[Stored dataset items]
+ + +

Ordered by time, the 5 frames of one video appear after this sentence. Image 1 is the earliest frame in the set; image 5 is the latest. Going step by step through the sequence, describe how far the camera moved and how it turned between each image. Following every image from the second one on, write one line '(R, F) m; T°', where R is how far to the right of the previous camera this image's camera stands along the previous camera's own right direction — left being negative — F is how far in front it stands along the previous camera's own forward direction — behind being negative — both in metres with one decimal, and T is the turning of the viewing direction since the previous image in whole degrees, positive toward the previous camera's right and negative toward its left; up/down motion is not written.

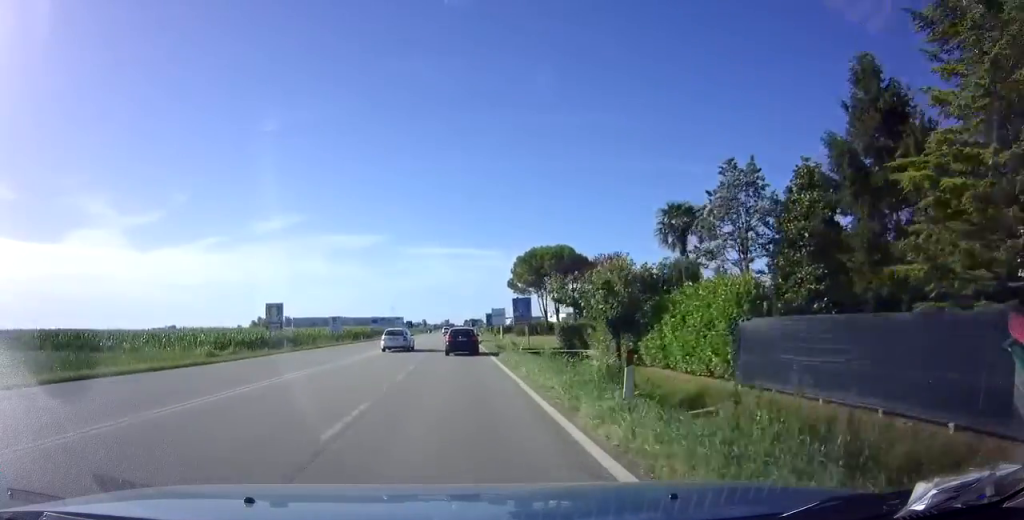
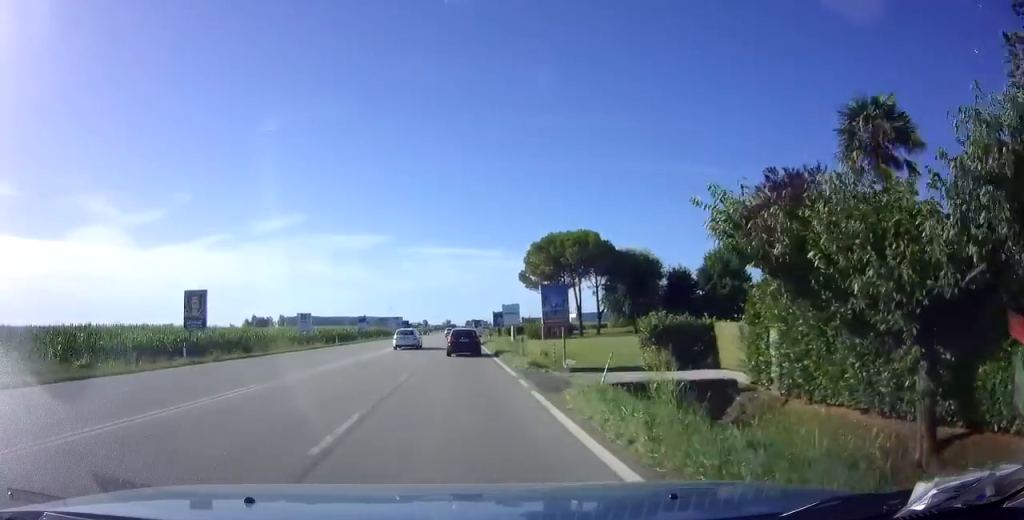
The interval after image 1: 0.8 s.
(-0.1, +15.1) m; 0°
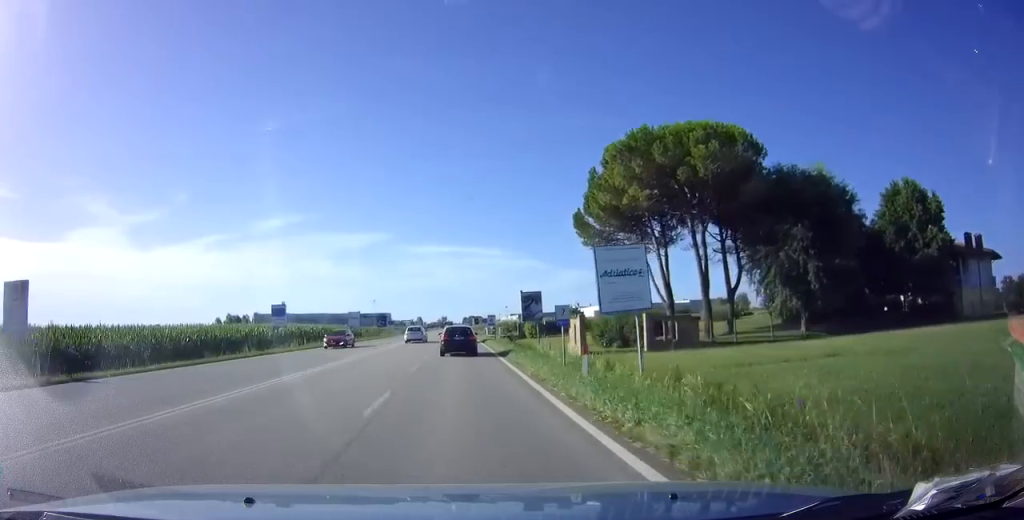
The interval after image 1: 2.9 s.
(0.0, +41.0) m; 0°
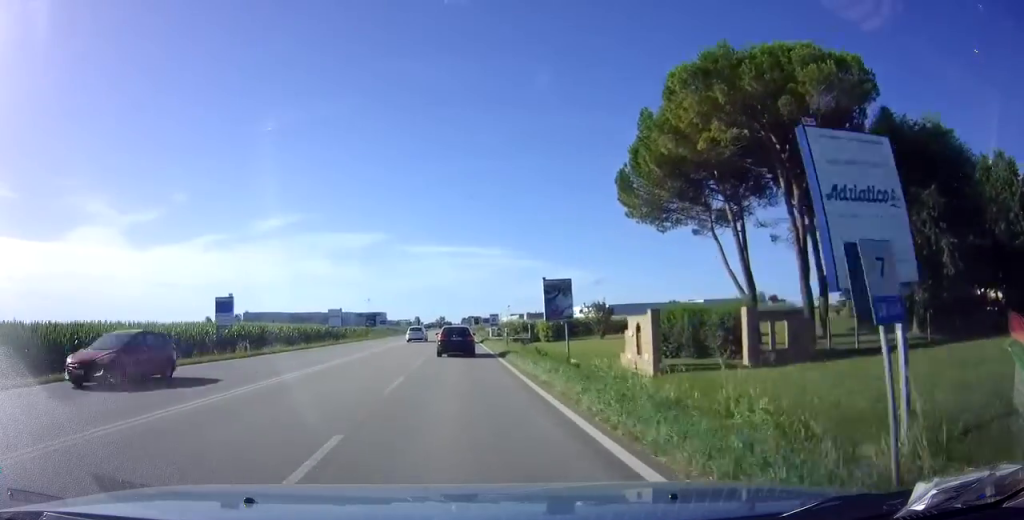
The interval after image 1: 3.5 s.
(0.0, +11.8) m; 0°
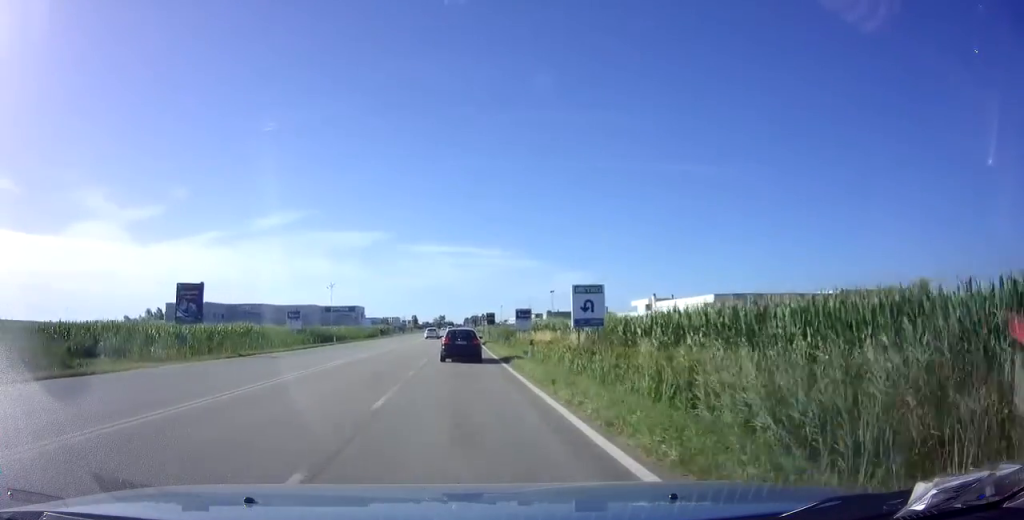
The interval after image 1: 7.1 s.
(+0.1, +68.0) m; 0°

+ + +

Work order: Leaving every picture out, return the lines from the one containing "The interval after image 1: 0.8 s." through the last line of the records exactly.

Answer section:
The interval after image 1: 0.8 s.
(-0.1, +15.1) m; 0°
The interval after image 1: 2.9 s.
(0.0, +41.0) m; 0°
The interval after image 1: 3.5 s.
(0.0, +11.8) m; 0°
The interval after image 1: 7.1 s.
(+0.1, +68.0) m; 0°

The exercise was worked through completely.